Advertisement

Advertisement

The Long-term Effects of Conventional and Atypical Antipsychotics in Patients with Probable Alzheimer's disease

0

No applauses yet

It is clear to anyone who has lived with and cared for someone experiencing dementia or looking after a group of such individuals in a long-term care facility, that the issues of memory and recall are not the ones that play havoc with the individual and their caregivers, but the behavioural challenges. Not everyone with an illness causing dementia develops behavioural issues, often called BPSD (Behavioural and Psychiatric Symptoms of Dementia) but for those in whom this occurs, it might have a critical impact on the life they lead, the care they receive and the potential exposure to treatments that potentially might negatively impact their function, quality of life, place of residence or according to some studies life expectancy.

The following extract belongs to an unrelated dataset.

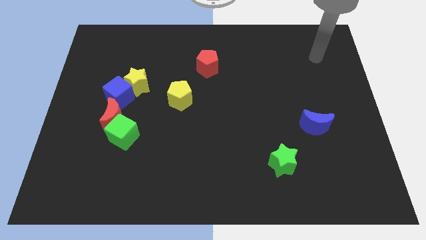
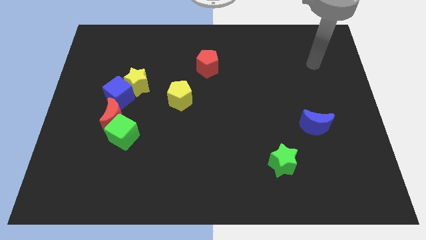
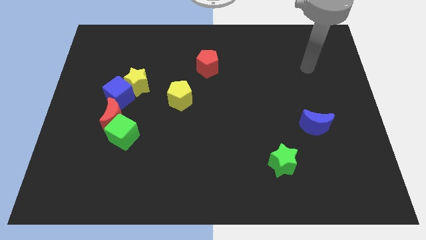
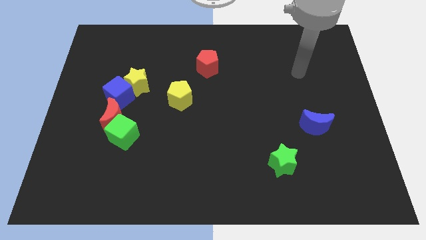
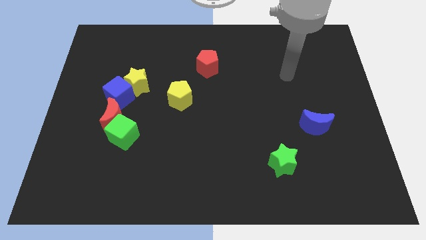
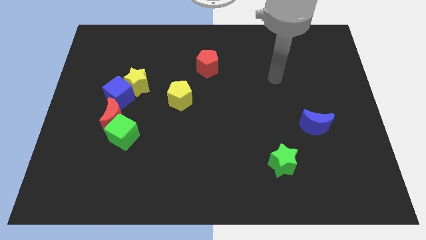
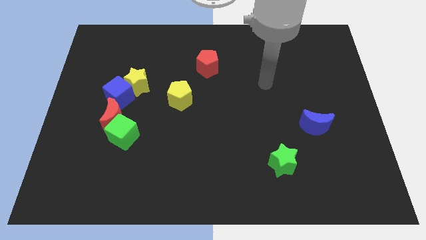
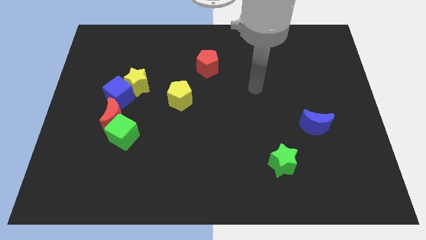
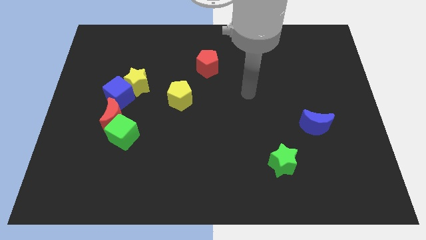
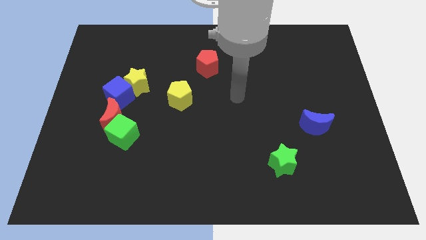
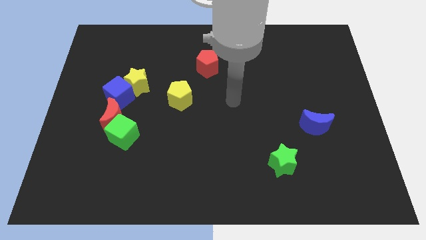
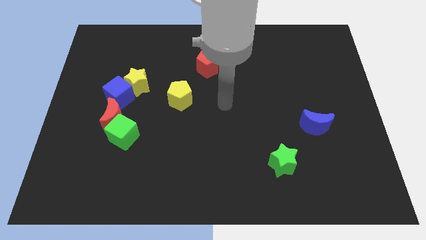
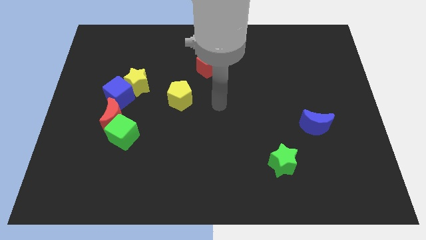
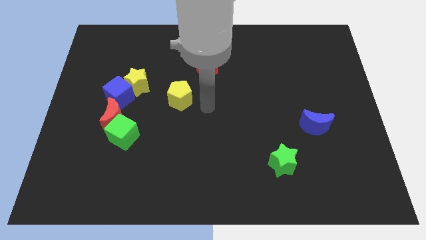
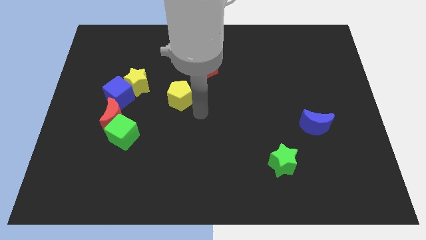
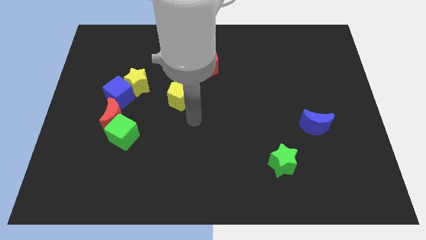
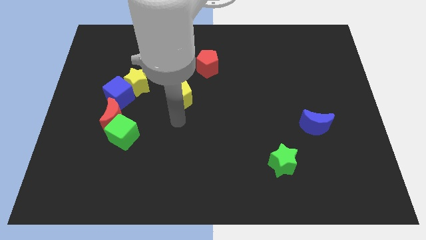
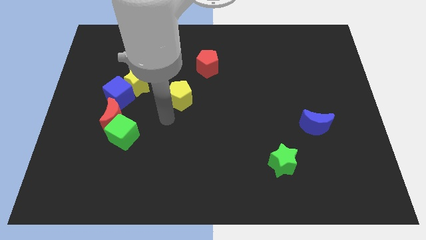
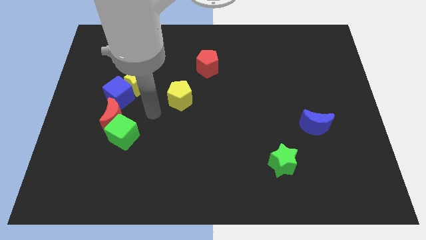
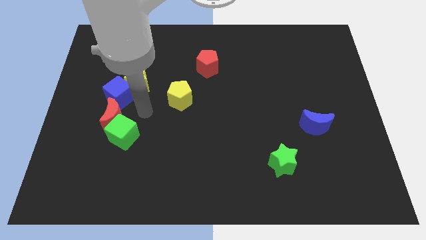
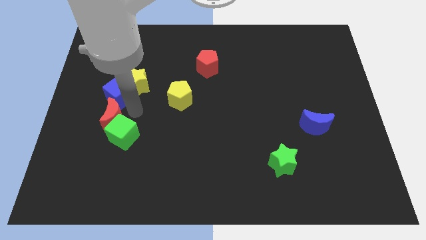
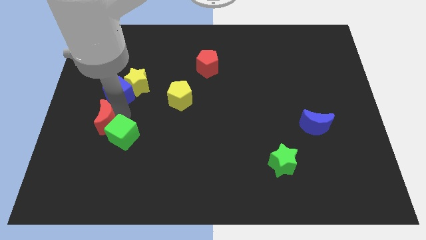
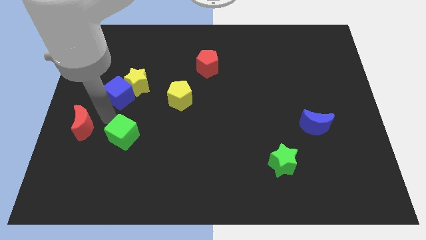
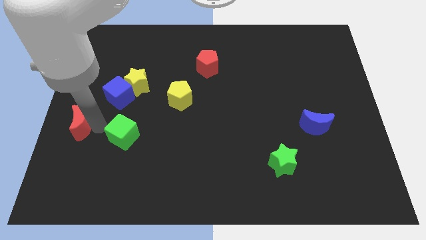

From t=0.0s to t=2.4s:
pull the green cube apart from the red moon

Studies done in the United States over the past decades and in parallel in Canada have been critical of the apparent ease and frequency with which residents of long term care experiencing BPSD are exposed to classes of medications called neuroleptics, which more recently have been subdivided in the older typical and the newer atypical neuroleptics or antipsychotics. It is always important to remember that these classes of medications were initially developed to address psychotic experiences and behaviours of those experiencing schizoaffective disorders in which delusions and hallucinations may be paralyzing to the individual and their introduction into care during the past decades, in series with the typicals preceding the atypicals; it has allowed the virtual emptying of the previous chronic psychiatric hospitals and has allowed many individuals living with such illnesses to manage in community dwellings with many normal aspects of life including educational and work experiences and abilities. In parallel, for many previously fractured families who have been able to re-incorporate family members with unmanageable and disruptive psychotic symptoms back into a family structure.

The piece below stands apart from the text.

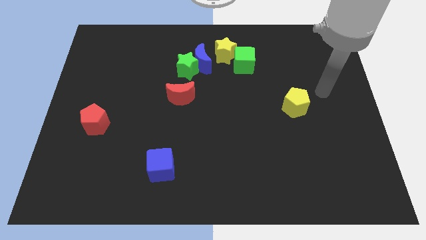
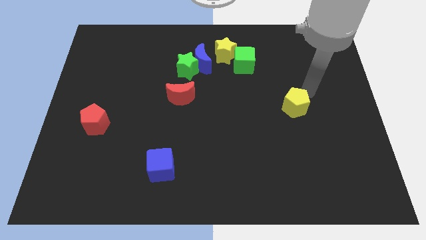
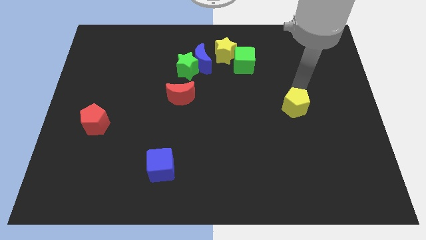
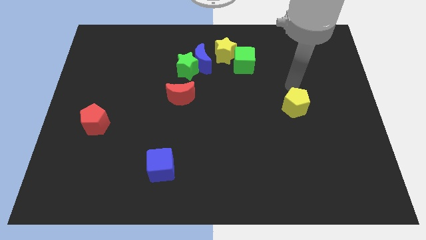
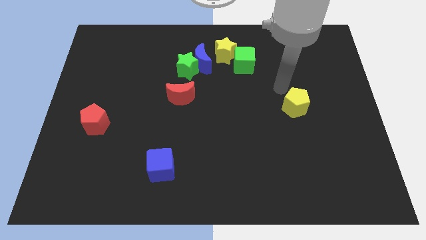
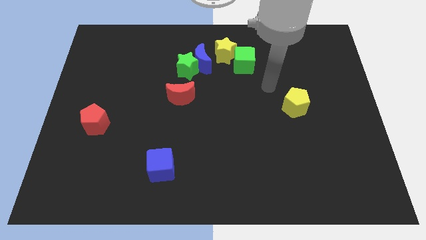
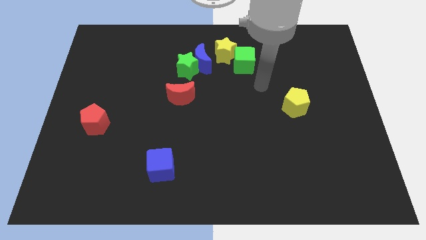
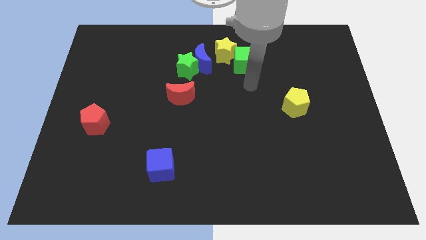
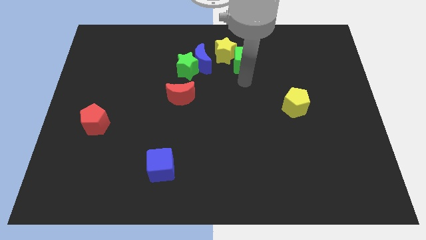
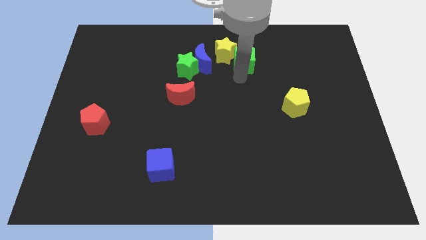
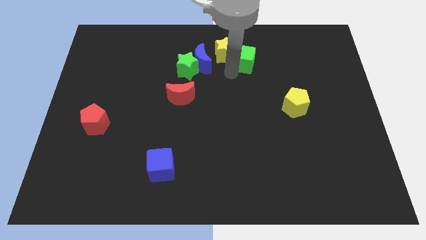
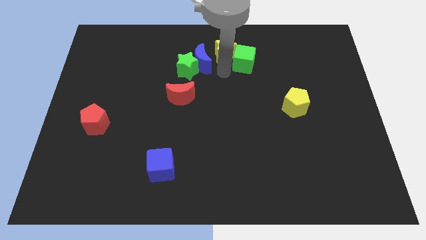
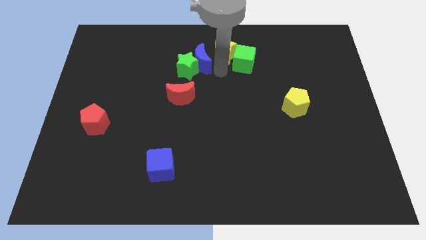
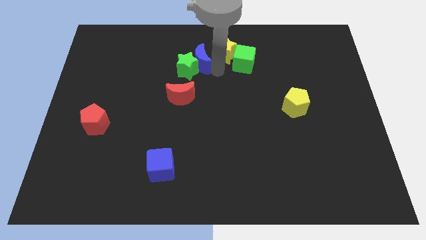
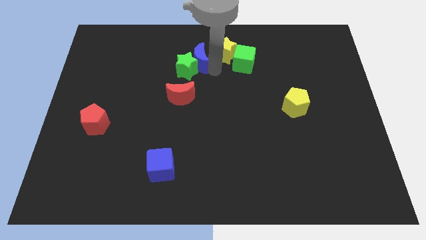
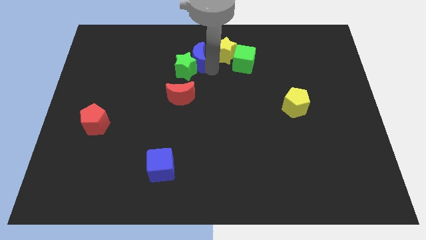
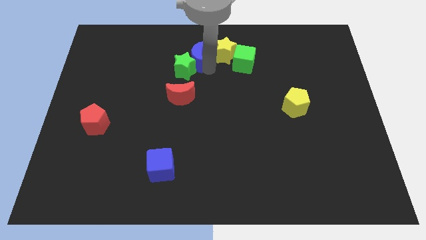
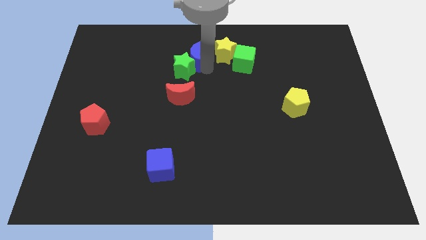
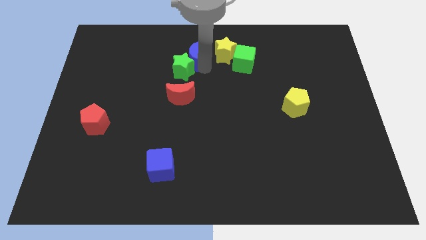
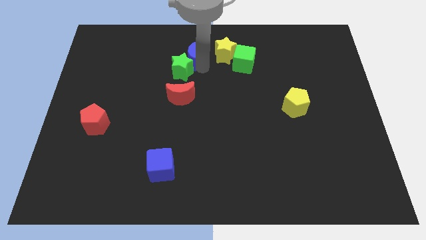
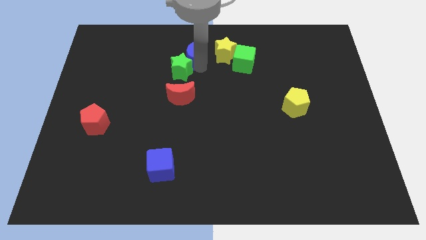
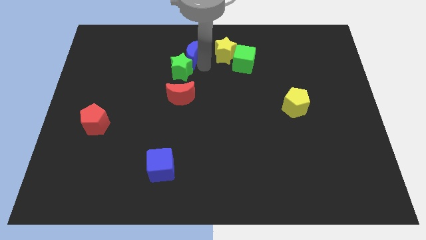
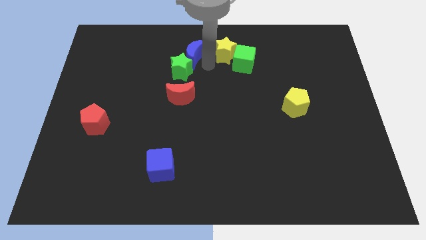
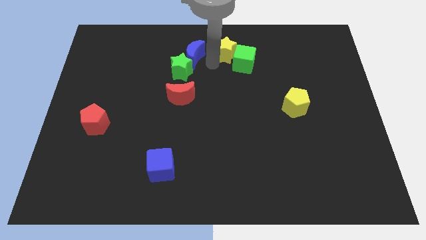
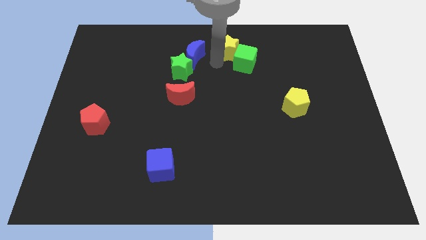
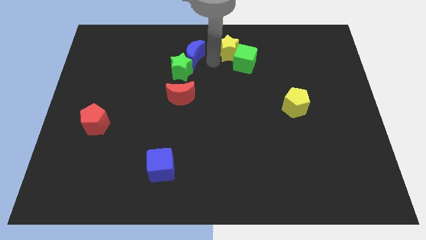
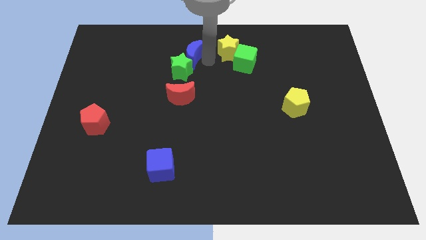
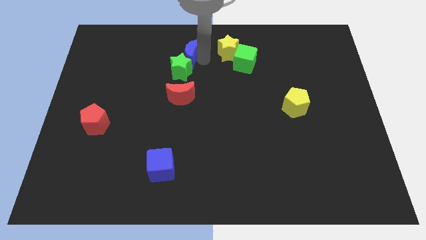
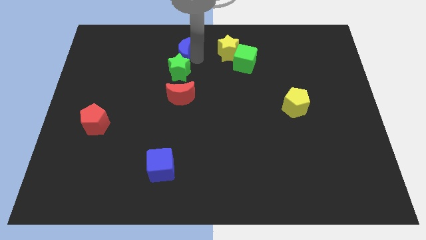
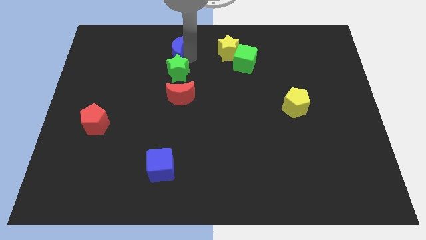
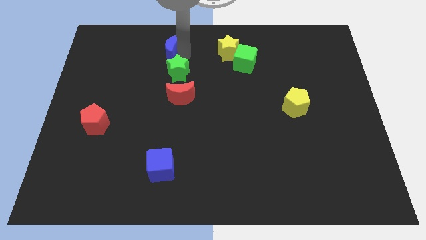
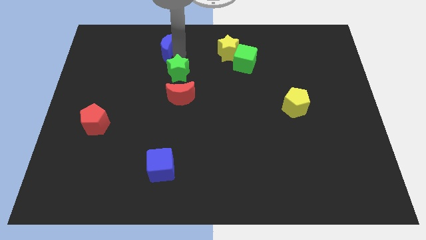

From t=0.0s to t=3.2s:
separate the blue moon from the green star and yellow star

Almost as an after-thought, the use of these medications in older individuals who were experiencing symptoms similar to those of younger people with clear mental health, schizophrenic-type syndromes. These individuals were found to benefit from these medications in terms of the BPSD which often had some of the similar characteristics, at least on the surface of delusions and hallucinations which often affected their ability to live in community settings at sometimes forced those in some congregate community dwellings to be discharged because of what was interpreted as disruptive behaviour. With the apparent increased exposure to such medications, many of the products obtained negative reputations as did the long-term care facilities that seemed to use them excessively. With some initial studies it appeared that first the atypical medications appeared to be associated with excessive mortality profiles, mostly due to cardiologic disorders and then on closer scrutiny the typicals appeared to have the same negative side-effect profile. (http://www.nejm.org/doi/full/10.1056/NEJMoa052827)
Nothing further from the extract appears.